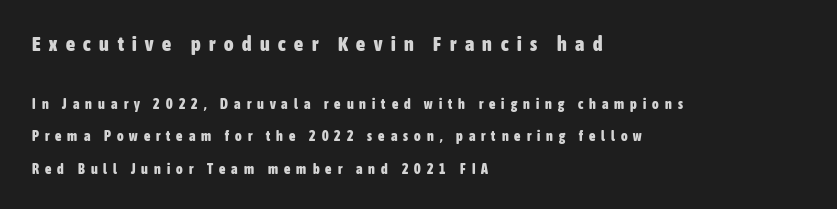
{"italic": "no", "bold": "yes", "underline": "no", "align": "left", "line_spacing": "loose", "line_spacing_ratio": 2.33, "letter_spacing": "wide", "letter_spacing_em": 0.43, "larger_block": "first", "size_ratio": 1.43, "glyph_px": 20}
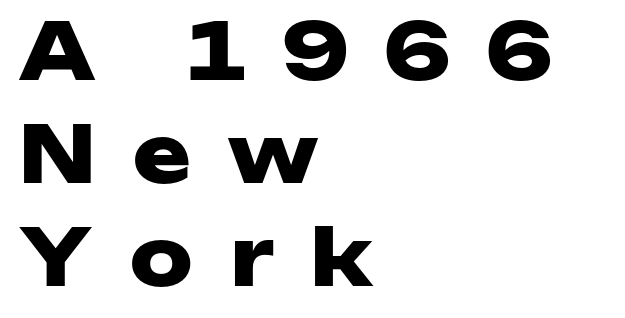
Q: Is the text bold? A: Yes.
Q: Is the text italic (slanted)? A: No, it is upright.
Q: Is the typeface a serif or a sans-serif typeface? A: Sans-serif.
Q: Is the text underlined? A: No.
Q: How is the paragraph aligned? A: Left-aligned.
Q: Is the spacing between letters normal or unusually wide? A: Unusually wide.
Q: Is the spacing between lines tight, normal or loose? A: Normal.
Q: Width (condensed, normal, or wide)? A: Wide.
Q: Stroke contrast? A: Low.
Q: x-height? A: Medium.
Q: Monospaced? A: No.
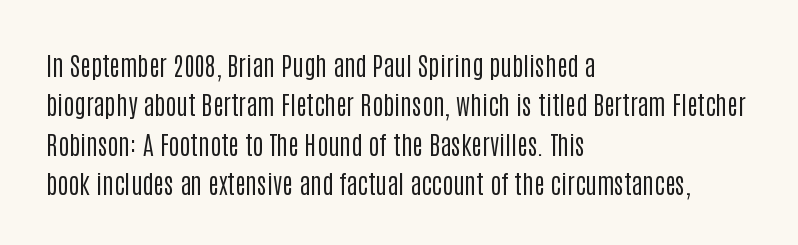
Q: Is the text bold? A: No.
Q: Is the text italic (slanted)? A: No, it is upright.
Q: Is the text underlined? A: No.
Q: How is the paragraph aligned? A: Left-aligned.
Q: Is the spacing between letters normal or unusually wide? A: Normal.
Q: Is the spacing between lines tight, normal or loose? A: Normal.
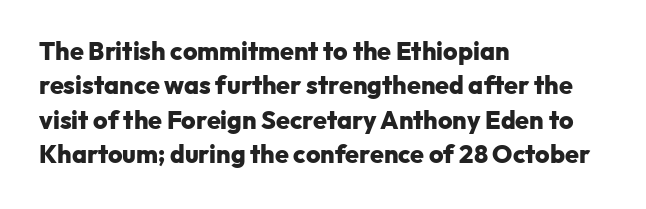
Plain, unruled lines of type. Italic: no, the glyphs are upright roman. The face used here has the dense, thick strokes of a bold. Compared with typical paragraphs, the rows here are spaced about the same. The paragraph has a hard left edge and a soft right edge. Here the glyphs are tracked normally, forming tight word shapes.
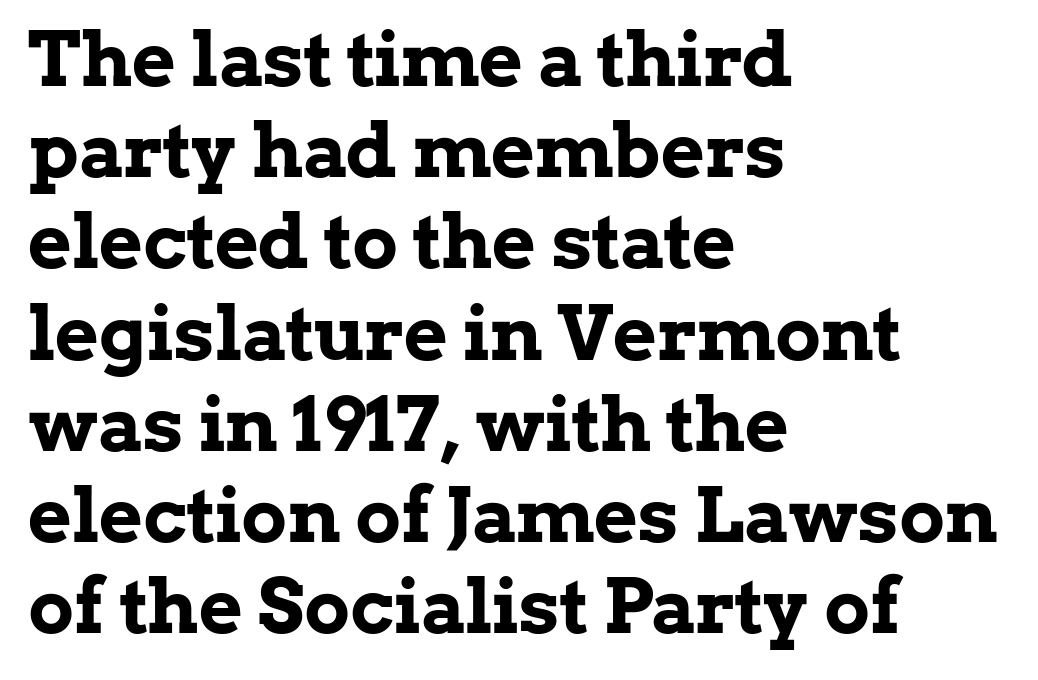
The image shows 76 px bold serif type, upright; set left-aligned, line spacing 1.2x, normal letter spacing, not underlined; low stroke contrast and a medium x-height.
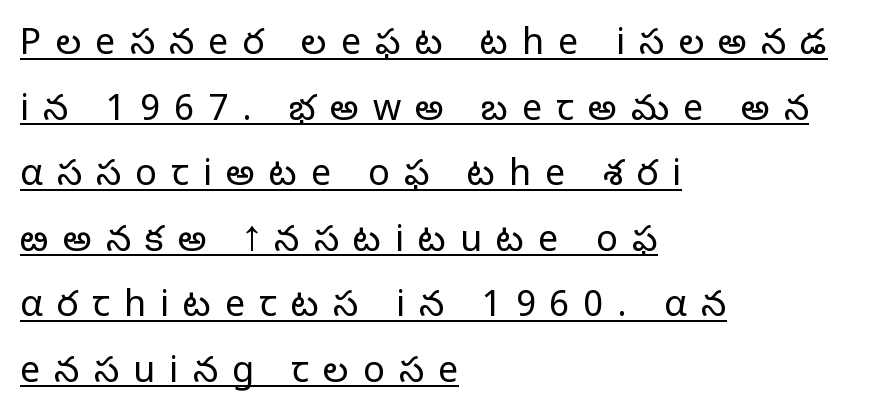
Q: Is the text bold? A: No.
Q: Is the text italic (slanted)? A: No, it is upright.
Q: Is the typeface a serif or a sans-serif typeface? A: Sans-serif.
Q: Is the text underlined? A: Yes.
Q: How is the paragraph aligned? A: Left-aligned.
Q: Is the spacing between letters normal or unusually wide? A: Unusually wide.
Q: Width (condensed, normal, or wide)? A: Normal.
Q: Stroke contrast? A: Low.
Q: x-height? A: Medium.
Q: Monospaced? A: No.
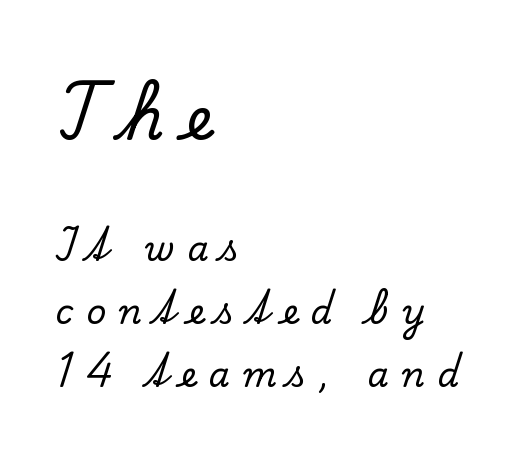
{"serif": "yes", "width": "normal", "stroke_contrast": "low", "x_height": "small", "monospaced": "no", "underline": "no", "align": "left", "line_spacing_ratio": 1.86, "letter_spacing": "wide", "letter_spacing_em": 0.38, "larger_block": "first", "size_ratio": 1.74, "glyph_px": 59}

--

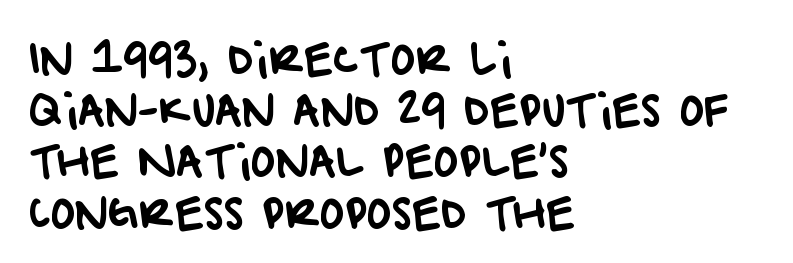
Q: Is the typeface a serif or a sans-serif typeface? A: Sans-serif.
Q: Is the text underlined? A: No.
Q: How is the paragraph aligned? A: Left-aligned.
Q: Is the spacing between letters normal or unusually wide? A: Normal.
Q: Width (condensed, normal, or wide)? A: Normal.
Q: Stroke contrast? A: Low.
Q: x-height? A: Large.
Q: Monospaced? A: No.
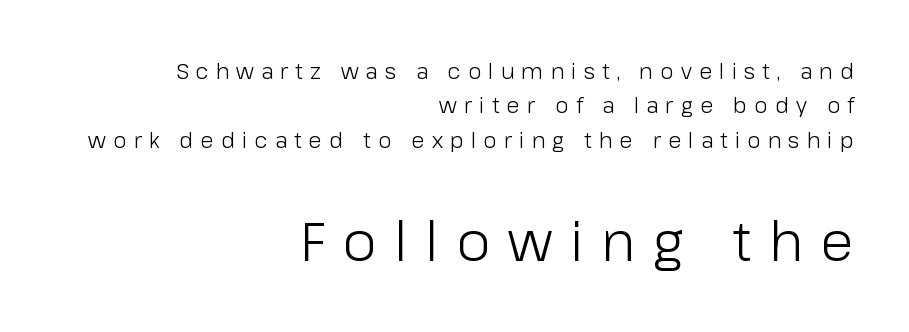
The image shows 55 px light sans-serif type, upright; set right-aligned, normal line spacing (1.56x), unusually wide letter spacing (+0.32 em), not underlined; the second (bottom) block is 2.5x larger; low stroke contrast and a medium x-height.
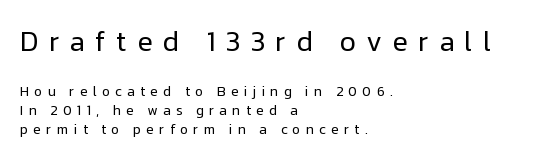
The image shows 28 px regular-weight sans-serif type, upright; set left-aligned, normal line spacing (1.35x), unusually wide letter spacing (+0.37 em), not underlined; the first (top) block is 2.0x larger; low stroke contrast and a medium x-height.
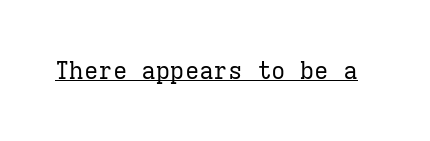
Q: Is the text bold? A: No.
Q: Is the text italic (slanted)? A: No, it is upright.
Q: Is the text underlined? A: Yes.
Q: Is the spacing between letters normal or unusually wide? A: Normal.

==

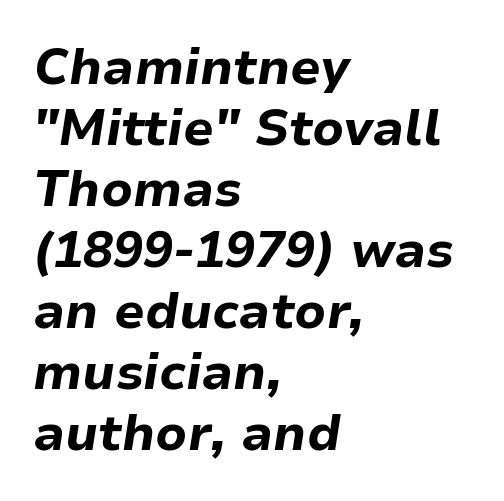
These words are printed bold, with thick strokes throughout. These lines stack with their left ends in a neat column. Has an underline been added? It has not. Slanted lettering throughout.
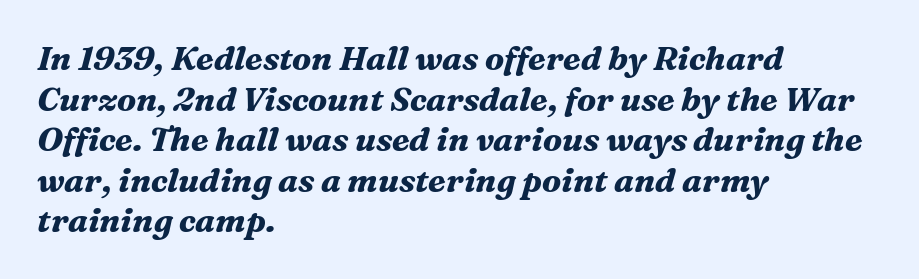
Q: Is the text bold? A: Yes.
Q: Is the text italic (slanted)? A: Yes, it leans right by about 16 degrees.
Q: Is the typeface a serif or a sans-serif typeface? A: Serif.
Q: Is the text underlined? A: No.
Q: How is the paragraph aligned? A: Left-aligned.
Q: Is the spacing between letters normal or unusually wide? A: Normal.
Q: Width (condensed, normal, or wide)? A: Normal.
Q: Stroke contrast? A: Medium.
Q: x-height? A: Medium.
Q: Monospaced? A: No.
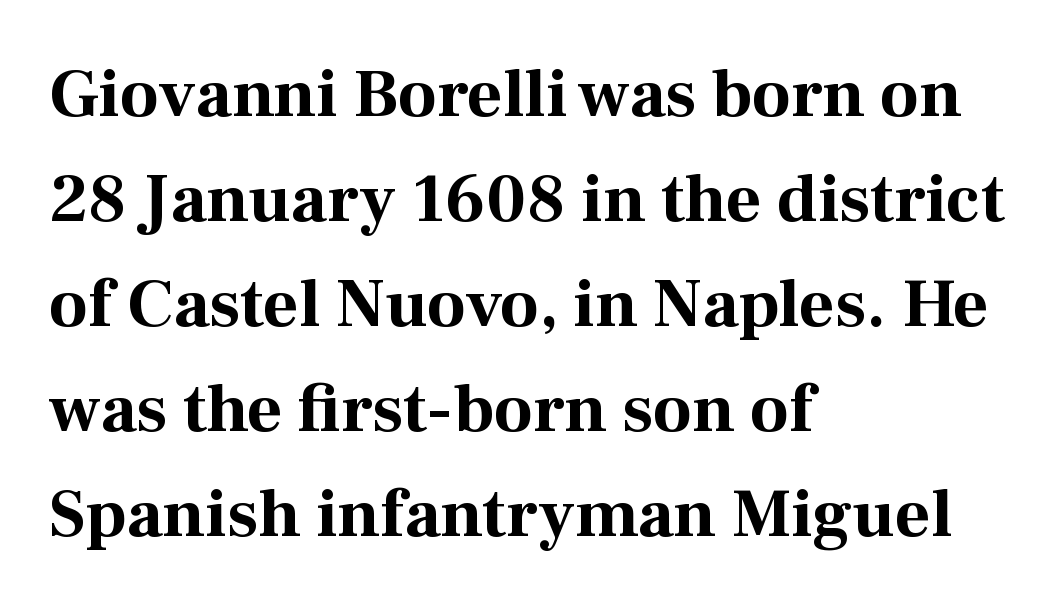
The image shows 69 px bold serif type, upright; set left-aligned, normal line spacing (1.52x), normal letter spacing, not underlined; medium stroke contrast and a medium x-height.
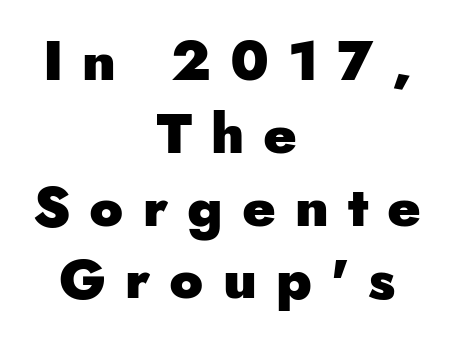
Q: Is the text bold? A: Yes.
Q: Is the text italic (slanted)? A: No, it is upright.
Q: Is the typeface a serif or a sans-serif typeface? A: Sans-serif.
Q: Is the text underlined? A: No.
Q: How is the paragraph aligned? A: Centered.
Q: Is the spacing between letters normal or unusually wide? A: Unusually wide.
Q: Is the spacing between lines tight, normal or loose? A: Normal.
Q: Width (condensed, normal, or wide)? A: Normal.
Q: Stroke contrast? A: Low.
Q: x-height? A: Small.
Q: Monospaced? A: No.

◆ **Prompt**:
Report each line in the entries where the string "strokes" occurs.

◆ **Your response**:
Plain, unruled lines of type. Italic: no, the glyphs are upright roman. The face used here has the dense, thick strokes of a bold. Compared with typical paragraphs, the rows here are spaced about the same. The paragraph has a hard left edge and a soft right edge. Here the glyphs are tracked normally, forming tight word shapes.
These words are printed bold, with thick strokes throughout. These lines stack with their left ends in a neat column. Has an underline been added? It has not. Slanted lettering throughout.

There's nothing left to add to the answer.